KPK Tetapkan Wali Kota Pasuruan Tersangka Suap

KPK Tetapkan Wali Kota Pasuruan Tersangka Suap
Alexander Marwata. ( Foto: Antara )
Fana Suparman / CAH Jumat, 5 Oktober 2018 | 11:15 WIB

Jakarta - Komisi Pemberantasan Korupsi (KPK) menetapkan Wali Kota Pasuruan, Setiyono sebagai tersangka kasus dugaan suap terkait proyek-proyek di lingkungan Pemkot Pasuruan, Jumat (5/10). Selain Setiyono, status tersangka juga disematkan KPK terhadap Dwi Fitri Nurcahyo selaku staf ahli atau Pelaksana Harian (Plh) Kadis PUPR Pasuruan, Wahyu Tri Hardianto selaku staf Kelurahan Purutrejo dan M. Baqir perwakilan CV M. Keempat orang itu ditetapkan sebagai tersangka setelah ditangkap dan diperiksa intensif oleh tim penyidik.

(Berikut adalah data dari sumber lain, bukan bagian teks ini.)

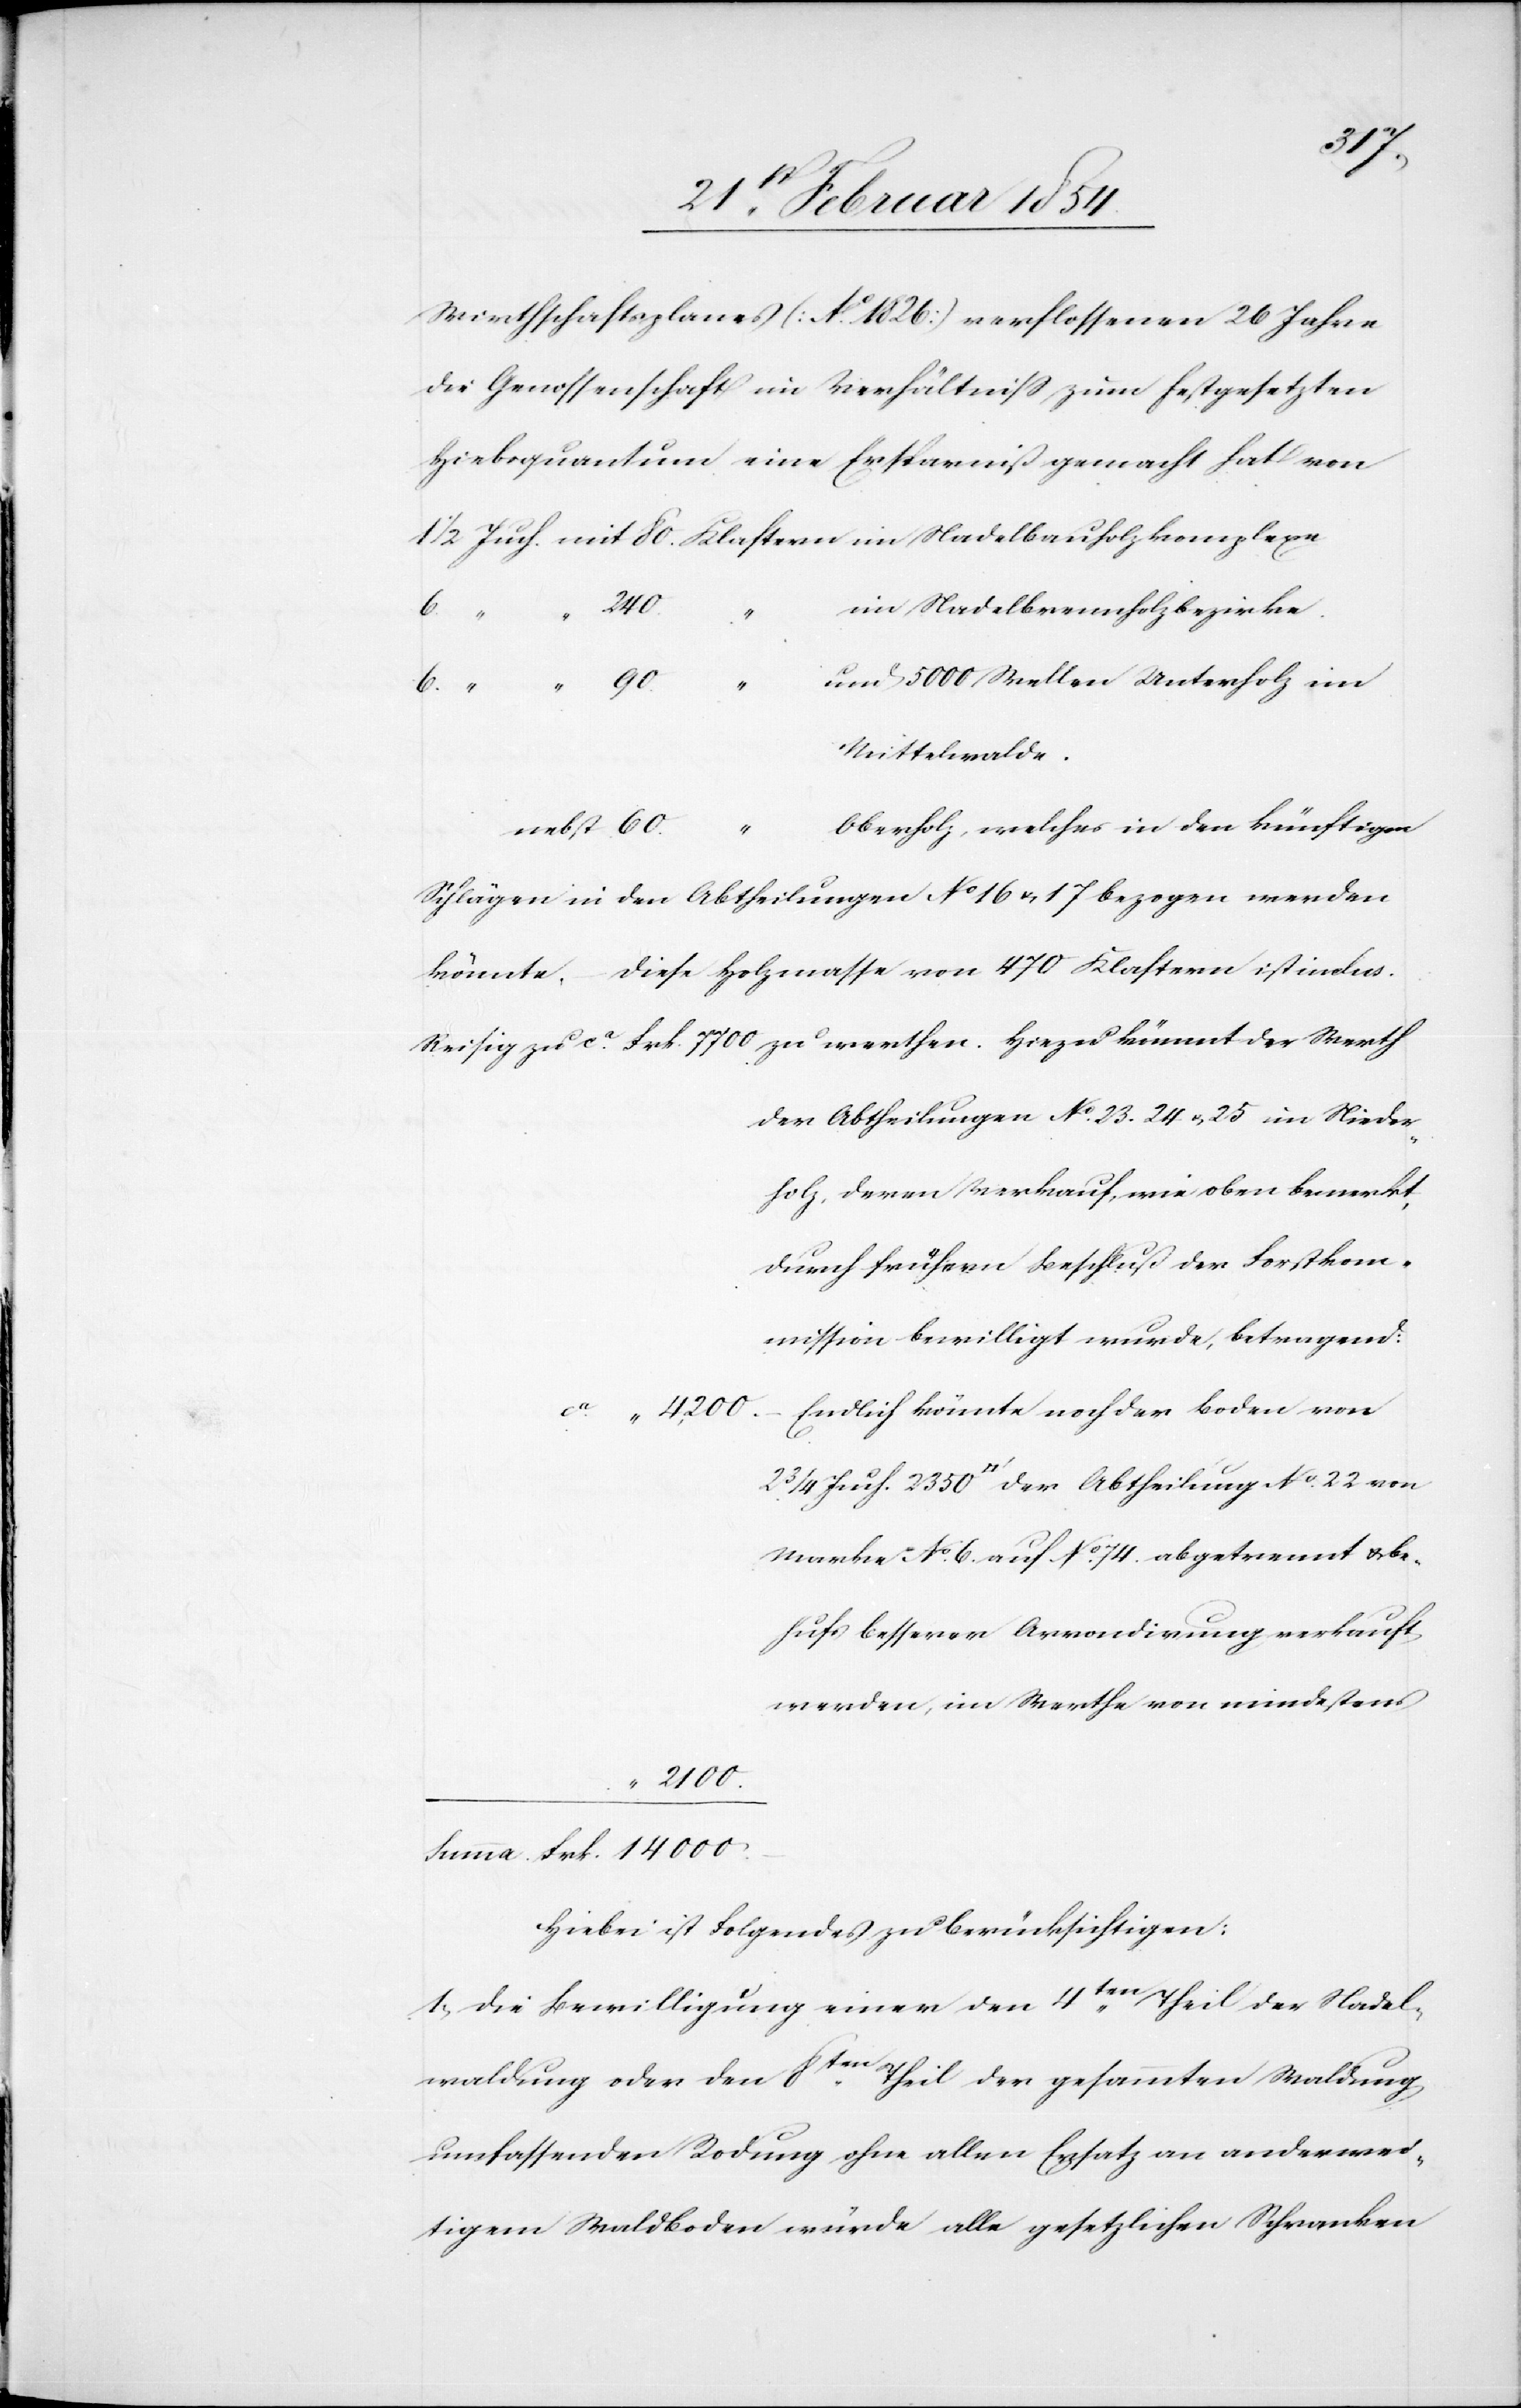
2350.
Wirthschaftsplanes (Ao 1826) verflossenen 26 Jahren
die Genossenschaft im Verhältniß zum festgesetzten
Hiebequantum eine Ersparniß gemacht hat von
000.–
„
und 5000 Wellen Unterholz im
Mittelwalde.
Oberholz, welches in den künftigen
nebst 60.
könnte, – diese Holzmasse von 470 Klastern ist inclus.
Reisig zu ca Frk. 7700. zu werthen. Hiezu kömmt der Werth
der Abtheilungen No 23.[,] 24 u. 25 im Nieder¬
holz, deren Verkauf wie oben bemerkt,
durch frühern Beschluß der Forstkom¬
mission bewilligt wurde, betragend:
Endlich könnte noch der Boden von
[Quadratfuss] der Abtheilung No 22. von
Marke No 6. auf No 74. abgetrennt be¬
hufs besserer Arrondirung verkauft
werden, im Werthe von mindestens
Hiebei ist Folgendes zu berücksichtigen:
1. Die Bewilligung einer den 4ten Theil der Nadel¬
2
waldung oder den 8ten Theil der gesammten Waldung
umfassenden Rodung ohne allen Ersatz an anderwei¬
tigem Waldboden würde alle gesetzlichen Schranken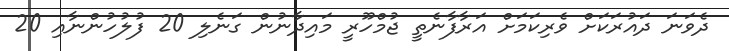
ދެވަނަ ދައުރަކަށް ވެރިކަމަށް އަރާފާނެތީ ޖުމްހޫރީ މައިދާނުން ގަނެލި 20 ފުލުހުންނާއި 20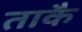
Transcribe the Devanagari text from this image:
ताकै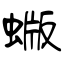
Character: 蝂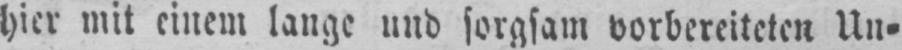
hier mit einem lange und sorgsam vorbereiteten Un⸗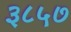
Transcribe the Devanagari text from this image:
३८५७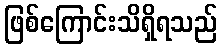
ဖြစ်ကြောင်းသိရှိရသည်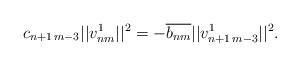
LaTeX: \begin{align*} c_{n+1\,m-3}||v_{nm}^1||^2= -\overline{b_{nm}}||v_{n+1\,m-3}^{1}||^2.\end{align*}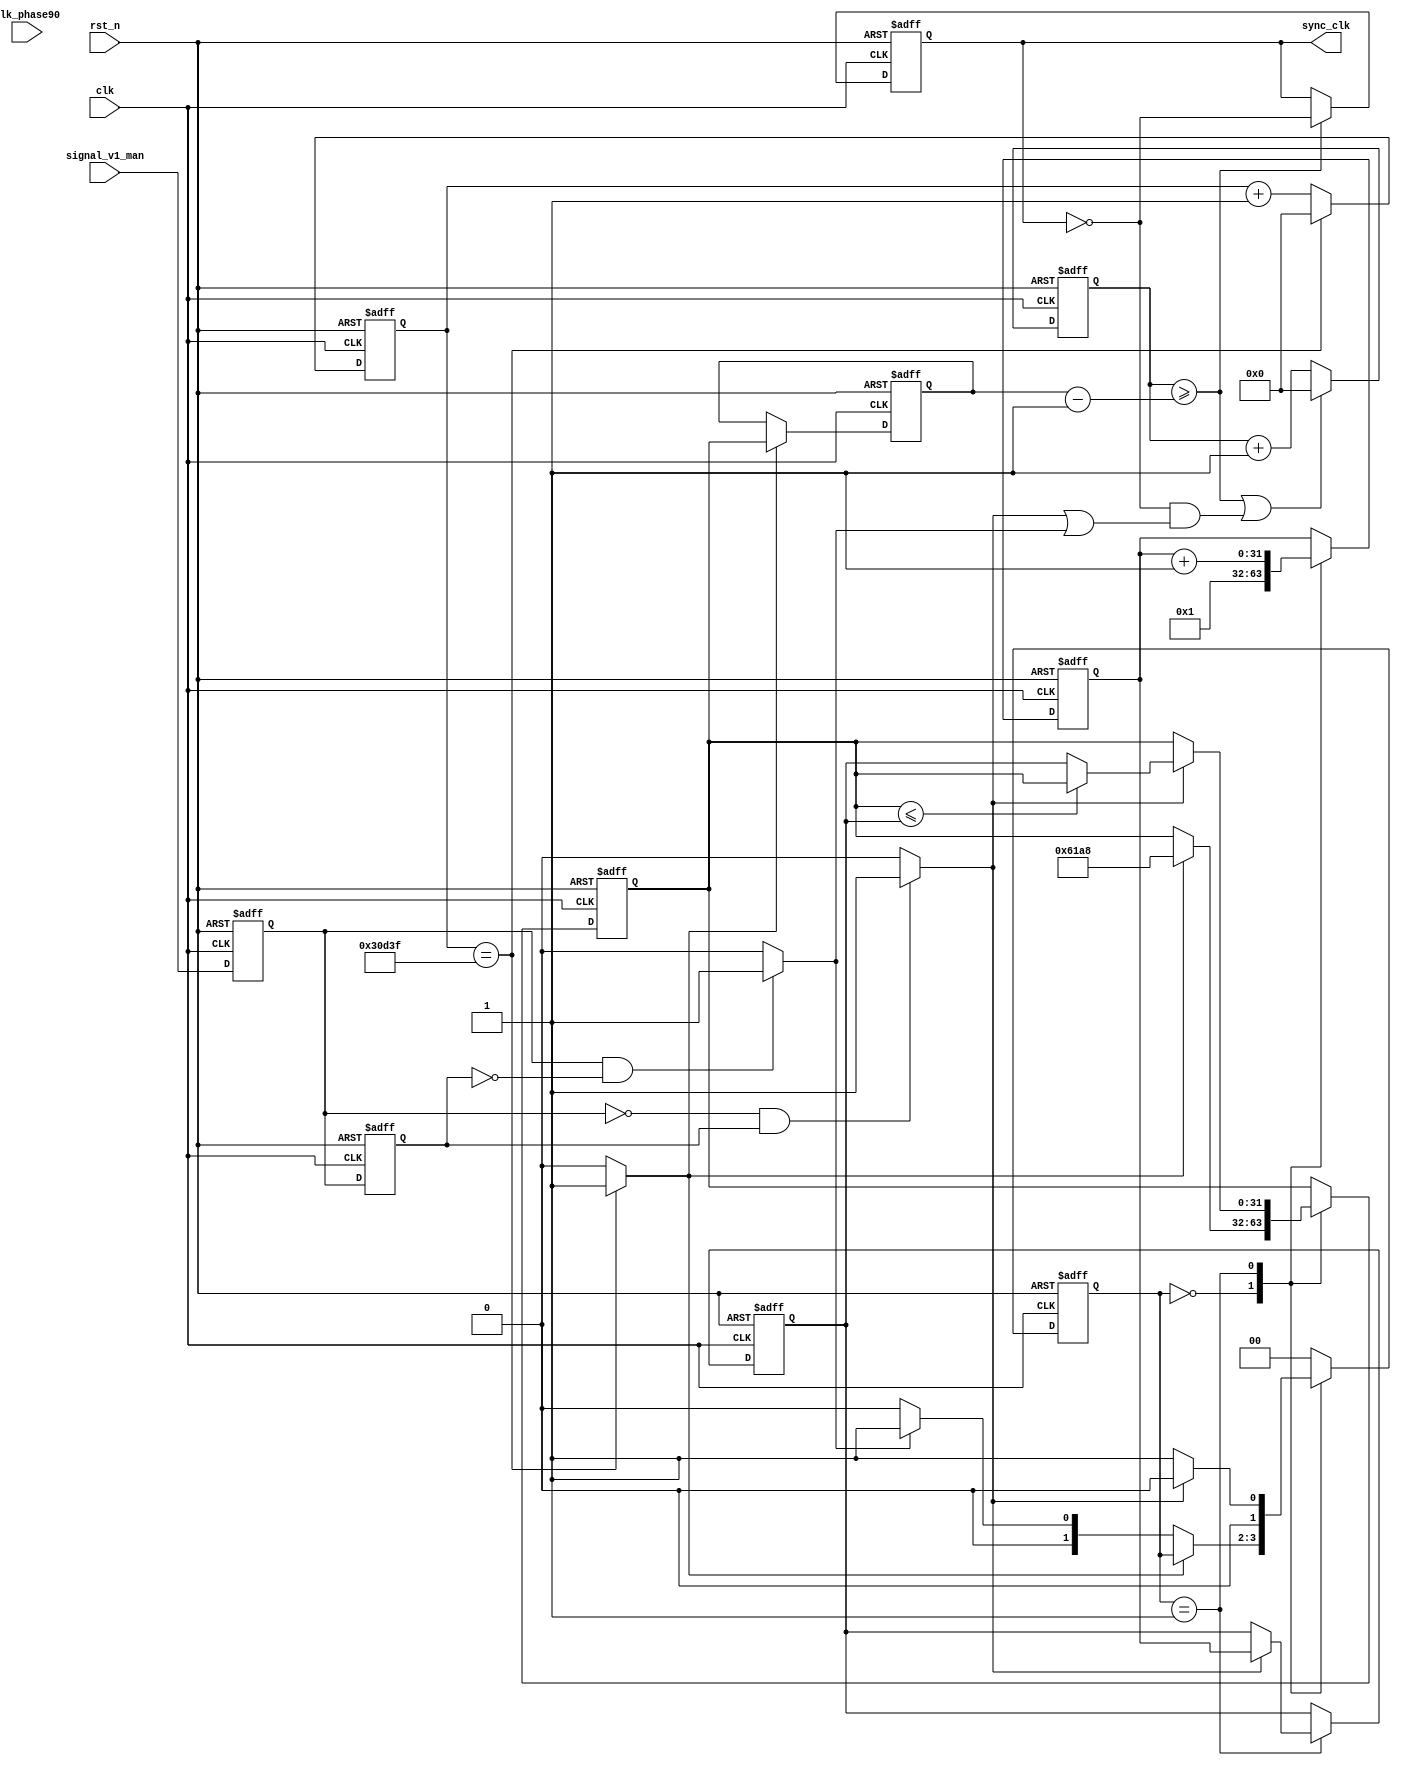
/*-----------------------------------------------------------------------

Date				:		2017-XX-XX
Description			:		Design for sync clk.

-----------------------------------------------------------------------*/

module sync
(
	//global clock
	input					clk,			//system clock
	input					rst_n,     		//sync reset
	input					clk_phase90,
	
	//manqiesite interface
	input					signal_v1_man,					

	//sync		 interface
	output		reg			sync_clk
	
); 


//--------------------------------
//Funtion :               
reg			signal_v1_man_buffer;
reg			signal_v1_man_buffer1;
wire		signal_pos;
wire		signal_neg;
always @(posedge clk or negedge rst_n)
begin
	if(!rst_n)
	begin
		signal_v1_man_buffer <= 0;
		signal_v1_man_buffer1 <= 0;
	end
	else
	begin
		signal_v1_man_buffer  <= signal_v1_man;
		signal_v1_man_buffer1 <= signal_v1_man_buffer;
	end
end

assign		signal_pos = (signal_v1_man_buffer == 1 && signal_v1_man_buffer1 == 0) ? 1 : 0;
assign		signal_neg = (signal_v1_man_buffer == 0 && signal_v1_man_buffer1 == 1) ? 1 : 0;

//--------------------------------
//Funtion :  100ms
reg			[31:0]		cnt_100ms;
wire					cnt_done;
wire					cnt_init;
//parameter				CNT_100MS_NUM = 50_000_00 << 2 ;
parameter				CNT_100MS_NUM = 50_000 <<2;
always @(posedge clk or negedge rst_n)
begin
	if(!rst_n)
		cnt_100ms <= 0;
	else if(cnt_100ms == CNT_100MS_NUM - 1)
		cnt_100ms <= 0;
	else
		cnt_100ms <= cnt_100ms + 1;
end

assign		cnt_done = (cnt_100ms == CNT_100MS_NUM - 1) ? 1 : 0;
//assign		cnt_init = (cnt_100ms == 100 ) ? 1 : 0; 

//--------------------------------
//Funtion :  
reg		[1:0]		state_sync_1;
reg		[31:0]		cnt_temp;
reg		[31:0]		cnt_m_r;
reg		[31:0]		cnt_m;

always @(posedge clk or negedge rst_n)
begin
	if(!rst_n)
	begin
		state_sync_1 <= 0;
		cnt_temp <= 0;
		cnt_m_r <= 0;
		cnt_m <= 0;
	end
	else
		case(state_sync_1)
			2'd0 :
			begin
				cnt_temp <= 1;
				if(cnt_done)
				begin
					cnt_m <= 100_000>>2;
				end
				else if(signal_pos)
					state_sync_1 <= 1;
				else
					state_sync_1 <= 0;
			end
			
			2'd1 :
			begin
				cnt_temp <= cnt_temp + 1;
				if(signal_neg)
				begin
					cnt_m_r <= cnt_temp;
					cnt_m   <= (cnt_m <= cnt_m_r) ? cnt_m : cnt_m_r;
					state_sync_1   <= 0;
				end
				else
				begin
					state_sync_1 <= 1;
				end
			end
			
			default : state_sync_1 <= 0;
		endcase
end

reg		[31:0]		min_temp;

always @(posedge clk or negedge rst_n)
begin
	if(!rst_n)
		min_temp <= 0;
	else if(cnt_done)
		min_temp <= cnt_m;
	else
		min_temp <= min_temp;
end



//--------------------------------
//Funtion :  clk
reg			[31:0]		cnt_sync;
always @(posedge clk or negedge rst_n)
begin
	if(!rst_n)
		cnt_sync <= 0;
	else if(cnt_sync >= min_temp )
		cnt_sync <= 0;
	else
		cnt_sync <= cnt_sync + 1;
end
wire			sync_en;
assign			sync_en = (cnt_sync >= min_temp) ? 1 : 0;

reg		man_buffer;
reg		man_buffer1;
always @(posedge clk or negedge rst_n)
begin
	if(!rst_n)
	begin
		man_buffer <= 0;
		man_buffer1 <= 0;
	end
	else if(sync_en)
	begin
		man_buffer <= signal_v1_man;
		man_buffer1 <= man_buffer;
	end
	else
	begin
		man_buffer <= man_buffer ;
		man_buffer1 <= man_buffer1;	
	end
end

reg		[1:0]		state_sync;
reg					sig_there;
reg		[31:0]		cnt_there;
always @(posedge clk or negedge rst_n)
begin
	if(!rst_n)
	begin
		state_sync <= 0;
		sig_there <= 0;
		cnt_there <= 0;
	end
	else
		case(state_sync)
			2'd0 :
			begin
				sig_there <= 0;
				if(signal_v1_man && !man_buffer && !man_buffer1)
					state_sync <= 1;
				else
					state_sync <= 0;
			end	
			
			2'd1 :
			begin
				if(cnt_there >= min_temp)
				begin
					state_sync <= 0;
					cnt_there <= 0;
					sig_there <= 1;
				end
				else 
				begin
					cnt_there <= cnt_there + 1;
					state_sync <= 1;
					sig_there <= 0;
				end
			end
			
/* 			2'd2 :
			begin
				if(signal_neg || signal_pos)
				begin
					state_sync <= 0;
					sig_there <= 1;
				end
				else
					state_sync <= 2;
			end */
			default : ;
		endcase
end

wire		[31:0]		cnt_div = (min_temp << 1);
reg			[31:0]		sync_cnt;
// >=  
always @(posedge clk or negedge rst_n)
begin
	if(!rst_n)
		sync_cnt <= 0;
	else if(sync_cnt >= min_temp - 1 ||(sync_clk == 0 &&(signal_neg || signal_pos)))
		sync_cnt <= 0;
	else
		sync_cnt <= sync_cnt + 1;
end




always @(posedge clk or negedge rst_n)
begin
	if(!rst_n)
		sync_clk <= 0;
	// else if(sync_cnt == cnt_div - 1 )
		// sync_clk <= 0;
	else if(sync_cnt >= min_temp -1 )
		sync_clk <= ~sync_clk;
	else
		sync_clk <= sync_clk;
end







endmodule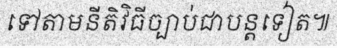
ទៅតាមនីតិវិធីច្បាប់ជាបន្តទៀត៕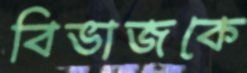
বিভাজকে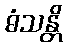
ဓံသန္တိ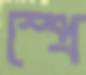
স্প্রে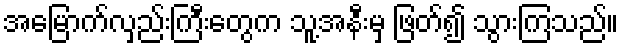
အမြောက်လှည်းကြီးတွေက သူ့အနီးမှ ဖြတ်၍ သွားကြသည်။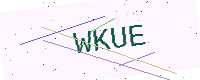
Text: WKUE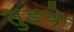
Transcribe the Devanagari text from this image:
तुडये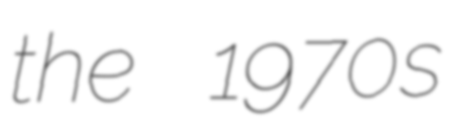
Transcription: the 1970s

"KPK meningkatkan status penanganan perkara ke penyidikan, serta menetapkan empat orang sebagai tersangka," kata Wakil Ketua KPK, Alexander Marwata dalam konferensi pers di Gedung KPK, Jakarta, Jumat (5/10).

Alex, sapaan Alexander Marwata menuturkan, Setiyono diduga menerima suap dari Baqir terkait proyek belanja modal gedung dan bangunan pengembangan Pusat Layanan Usaha Terpadu-Koperasi Usaha Mikro Kecil dan Menengah (PLUT-KUMKM) pada Dinas Koperasi dan Usaha Mikro Pemkot Pasuruan melalui sejumlah pihak dan orang-orang dekatnya. Diduga, dalam proyek ini telah terjadi kesepakatan fee untuk Setiyono sebesar 10 persen dari nilai proyek sebesar Rp 2,2 miliar dan ditambah 1 persen atau 20 juta untuk Pokja.

"Pemberian ini dilakukan secara bertahap," katanya.

Dipaparkan, pada 24 Agustus, Baqir telah mengirimkan uang sebesar Rp 20 juta kepada Wahyu Tri Hardianto untuk Pokja sebagai tanda jadi. Pada 7 September, atau tiga hari setelah CV M ditetapkan sebagai pemenang lelang, Baqir kembali menyetor uang tunai kepada Setiyono melalui orang-orang dekatnya sebesar 5 persen atau Rp 115 juta.

"Sisa komitmen sebesar 5 persen lainnya akan diberikan setelah uang muka atau termin pertama cair," katanya.

Diungkapkan Alex, KPK menduga proyek-proyek di Pasuruan telah diatur Setiyono melalui tiga orang dekatnya yang dikenal dengan sebutan Trio Kwek-kwek. Dalam setiap proyek, Setiyono mendapat jatah rata-rata 5 hingga 7 persen dari nilai proyek.

"Ada kesepakatan komitmen fee rata-rata 5-7 persen untuk proyek bangunan dan pengairan," katanya.

Atas tindak pidana yang diduga dilakukannya, Setiyono, Dwi Fitri dan Wahyu Tri disangkakan melanggar Pasal 12 huruf a atau Pasal 12 huruf b atau Pasal 11 UU nomor 31 tahun 1999 sebagaimana telah diubah dalam Undang-Undang Nomor 20 Tahun 2001 tentang Pemberantasan Tindak Pidana Korupsi juncto Pasal 55 ayat (1) ke-1 KUHP. Sementara Baqir yang ditetapkan sebagai tersangka pemberi suap, dijerat dengan Pasal 5 ayat (1) huruf a atau Pasal 5 Ayat (1) huruf b atau Pasal 13 Undang-Undang Nomor 31 Tahun 1999 sebagaimana telah diubah dalam Undang-Undang Nomor 20 Tahun 2001 tentang Pemberantasan Tindak Pidana Korupsi.